YOUR ASSIGNMENT: All lines in the material below that contain "orange" should be located and copied.

MATERIAL TO PROCESS:

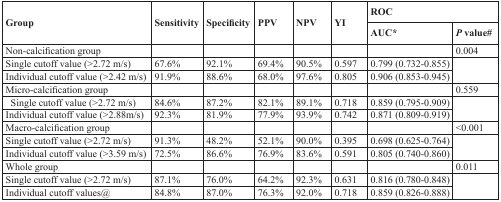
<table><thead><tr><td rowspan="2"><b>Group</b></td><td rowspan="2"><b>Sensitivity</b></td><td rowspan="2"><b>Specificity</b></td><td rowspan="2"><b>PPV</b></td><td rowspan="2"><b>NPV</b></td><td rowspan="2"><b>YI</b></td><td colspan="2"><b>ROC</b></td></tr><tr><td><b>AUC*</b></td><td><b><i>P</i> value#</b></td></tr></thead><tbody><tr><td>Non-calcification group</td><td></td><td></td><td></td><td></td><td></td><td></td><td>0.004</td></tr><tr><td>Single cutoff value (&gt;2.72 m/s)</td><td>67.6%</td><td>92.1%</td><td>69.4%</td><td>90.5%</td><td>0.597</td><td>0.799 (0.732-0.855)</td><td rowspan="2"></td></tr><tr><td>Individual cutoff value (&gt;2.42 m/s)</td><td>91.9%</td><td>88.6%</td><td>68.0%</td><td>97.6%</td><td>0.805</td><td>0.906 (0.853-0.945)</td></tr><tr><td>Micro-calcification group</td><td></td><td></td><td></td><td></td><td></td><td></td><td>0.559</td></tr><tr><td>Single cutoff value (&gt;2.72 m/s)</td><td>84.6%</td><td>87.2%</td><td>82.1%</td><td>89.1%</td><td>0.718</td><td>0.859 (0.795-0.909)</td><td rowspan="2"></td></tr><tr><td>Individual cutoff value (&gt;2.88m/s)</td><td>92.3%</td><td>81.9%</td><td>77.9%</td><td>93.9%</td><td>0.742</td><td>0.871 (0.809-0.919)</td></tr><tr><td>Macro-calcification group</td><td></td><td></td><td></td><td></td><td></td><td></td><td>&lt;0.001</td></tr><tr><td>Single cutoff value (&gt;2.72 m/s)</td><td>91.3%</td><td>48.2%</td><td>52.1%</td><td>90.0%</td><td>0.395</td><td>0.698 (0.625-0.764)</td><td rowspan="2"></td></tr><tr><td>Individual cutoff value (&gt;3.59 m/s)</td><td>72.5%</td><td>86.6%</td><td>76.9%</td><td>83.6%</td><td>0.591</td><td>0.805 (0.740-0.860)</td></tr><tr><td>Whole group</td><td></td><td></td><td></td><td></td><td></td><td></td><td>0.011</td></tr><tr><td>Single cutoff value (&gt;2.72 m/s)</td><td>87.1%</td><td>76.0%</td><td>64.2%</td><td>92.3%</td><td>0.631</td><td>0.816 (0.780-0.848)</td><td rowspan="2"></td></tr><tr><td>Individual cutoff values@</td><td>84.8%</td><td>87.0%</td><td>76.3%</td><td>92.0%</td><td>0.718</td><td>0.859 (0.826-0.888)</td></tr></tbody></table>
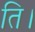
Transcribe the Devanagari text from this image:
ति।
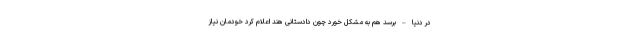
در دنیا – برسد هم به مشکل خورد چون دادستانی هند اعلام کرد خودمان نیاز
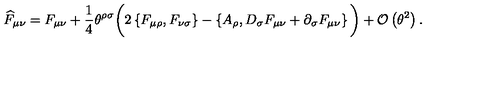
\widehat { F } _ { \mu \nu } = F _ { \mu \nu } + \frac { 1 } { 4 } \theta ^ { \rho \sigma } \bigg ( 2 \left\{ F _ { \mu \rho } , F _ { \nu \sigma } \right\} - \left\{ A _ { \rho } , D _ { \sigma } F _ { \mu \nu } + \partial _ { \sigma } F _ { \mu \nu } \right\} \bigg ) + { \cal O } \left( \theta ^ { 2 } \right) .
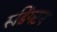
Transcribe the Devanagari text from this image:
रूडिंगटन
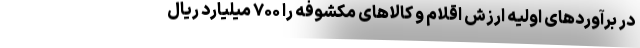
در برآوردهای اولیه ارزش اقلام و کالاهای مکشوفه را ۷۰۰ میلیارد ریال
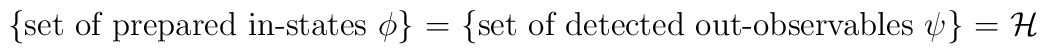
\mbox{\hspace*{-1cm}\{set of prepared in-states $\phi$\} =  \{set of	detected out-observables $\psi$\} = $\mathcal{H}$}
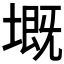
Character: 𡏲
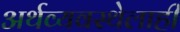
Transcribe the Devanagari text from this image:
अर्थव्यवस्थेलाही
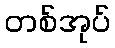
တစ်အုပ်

* * *

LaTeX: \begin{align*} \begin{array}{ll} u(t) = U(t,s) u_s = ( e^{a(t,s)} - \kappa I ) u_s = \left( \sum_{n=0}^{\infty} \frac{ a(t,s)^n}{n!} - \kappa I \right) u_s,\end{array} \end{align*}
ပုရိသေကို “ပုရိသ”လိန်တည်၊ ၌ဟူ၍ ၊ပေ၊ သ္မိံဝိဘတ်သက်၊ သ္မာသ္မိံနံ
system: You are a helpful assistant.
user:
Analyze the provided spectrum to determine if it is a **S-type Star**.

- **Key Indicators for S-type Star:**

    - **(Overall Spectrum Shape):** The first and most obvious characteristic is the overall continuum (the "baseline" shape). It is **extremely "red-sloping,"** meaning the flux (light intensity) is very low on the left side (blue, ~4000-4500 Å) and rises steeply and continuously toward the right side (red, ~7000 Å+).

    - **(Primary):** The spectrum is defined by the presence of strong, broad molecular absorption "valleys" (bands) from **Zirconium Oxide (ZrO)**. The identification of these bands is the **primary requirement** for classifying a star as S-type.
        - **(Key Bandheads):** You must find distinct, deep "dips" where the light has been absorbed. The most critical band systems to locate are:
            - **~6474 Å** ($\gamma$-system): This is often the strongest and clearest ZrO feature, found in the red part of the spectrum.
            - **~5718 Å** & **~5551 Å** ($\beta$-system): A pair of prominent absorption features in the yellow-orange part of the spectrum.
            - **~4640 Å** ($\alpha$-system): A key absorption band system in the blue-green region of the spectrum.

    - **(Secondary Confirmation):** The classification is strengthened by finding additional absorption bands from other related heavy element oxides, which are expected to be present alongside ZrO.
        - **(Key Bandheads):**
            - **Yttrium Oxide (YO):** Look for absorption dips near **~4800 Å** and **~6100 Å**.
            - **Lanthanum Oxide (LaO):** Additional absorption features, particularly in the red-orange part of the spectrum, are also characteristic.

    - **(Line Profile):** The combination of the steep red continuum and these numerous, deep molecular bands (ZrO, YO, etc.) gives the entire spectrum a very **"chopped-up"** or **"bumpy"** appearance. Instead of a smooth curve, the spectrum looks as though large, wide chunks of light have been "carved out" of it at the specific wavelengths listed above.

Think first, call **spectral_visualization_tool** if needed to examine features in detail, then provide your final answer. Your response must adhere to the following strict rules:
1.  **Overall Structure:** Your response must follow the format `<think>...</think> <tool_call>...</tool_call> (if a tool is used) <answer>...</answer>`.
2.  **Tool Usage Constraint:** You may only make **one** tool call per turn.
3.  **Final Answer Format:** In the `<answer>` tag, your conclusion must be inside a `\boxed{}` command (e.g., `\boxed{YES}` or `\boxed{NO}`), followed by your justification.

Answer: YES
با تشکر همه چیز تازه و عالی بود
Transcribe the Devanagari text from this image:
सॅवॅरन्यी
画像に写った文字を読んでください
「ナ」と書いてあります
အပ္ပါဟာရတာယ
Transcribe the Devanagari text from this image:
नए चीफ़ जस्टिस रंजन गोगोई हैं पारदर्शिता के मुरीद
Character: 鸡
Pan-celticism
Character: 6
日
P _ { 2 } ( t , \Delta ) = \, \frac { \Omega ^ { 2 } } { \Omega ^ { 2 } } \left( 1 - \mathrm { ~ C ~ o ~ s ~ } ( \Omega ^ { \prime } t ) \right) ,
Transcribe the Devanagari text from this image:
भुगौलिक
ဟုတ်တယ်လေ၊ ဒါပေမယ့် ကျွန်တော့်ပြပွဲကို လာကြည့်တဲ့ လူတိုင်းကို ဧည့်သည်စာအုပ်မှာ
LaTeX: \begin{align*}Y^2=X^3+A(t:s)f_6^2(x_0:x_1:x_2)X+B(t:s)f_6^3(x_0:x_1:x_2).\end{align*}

---

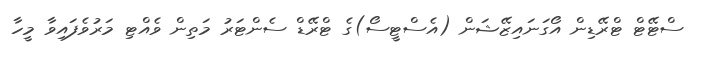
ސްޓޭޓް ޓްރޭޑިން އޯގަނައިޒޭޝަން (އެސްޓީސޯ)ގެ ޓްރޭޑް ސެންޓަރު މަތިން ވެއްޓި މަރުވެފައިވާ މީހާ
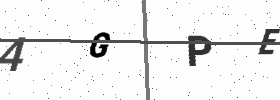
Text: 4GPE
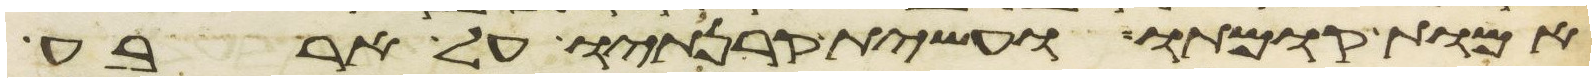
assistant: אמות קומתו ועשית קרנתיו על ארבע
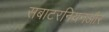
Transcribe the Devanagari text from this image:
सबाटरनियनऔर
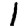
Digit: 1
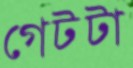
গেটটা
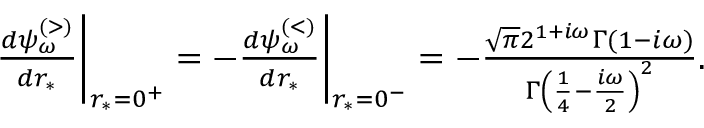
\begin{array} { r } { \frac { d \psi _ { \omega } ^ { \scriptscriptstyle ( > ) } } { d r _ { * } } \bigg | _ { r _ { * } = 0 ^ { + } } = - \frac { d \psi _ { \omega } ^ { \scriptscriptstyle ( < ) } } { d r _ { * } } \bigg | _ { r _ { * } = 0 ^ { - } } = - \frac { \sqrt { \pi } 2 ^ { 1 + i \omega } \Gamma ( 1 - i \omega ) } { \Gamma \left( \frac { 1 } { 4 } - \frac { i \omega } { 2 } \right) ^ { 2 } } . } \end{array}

EXPECTED ANSWER:
            - **~5718 Å** & **~5551 Å** ($\beta$-system): A pair of prominent absorption features in the yellow-orange part of the spectrum.
            - **Lanthanum Oxide (LaO):** Additional absorption features, particularly in the red-orange part of the spectrum, are also characteristic.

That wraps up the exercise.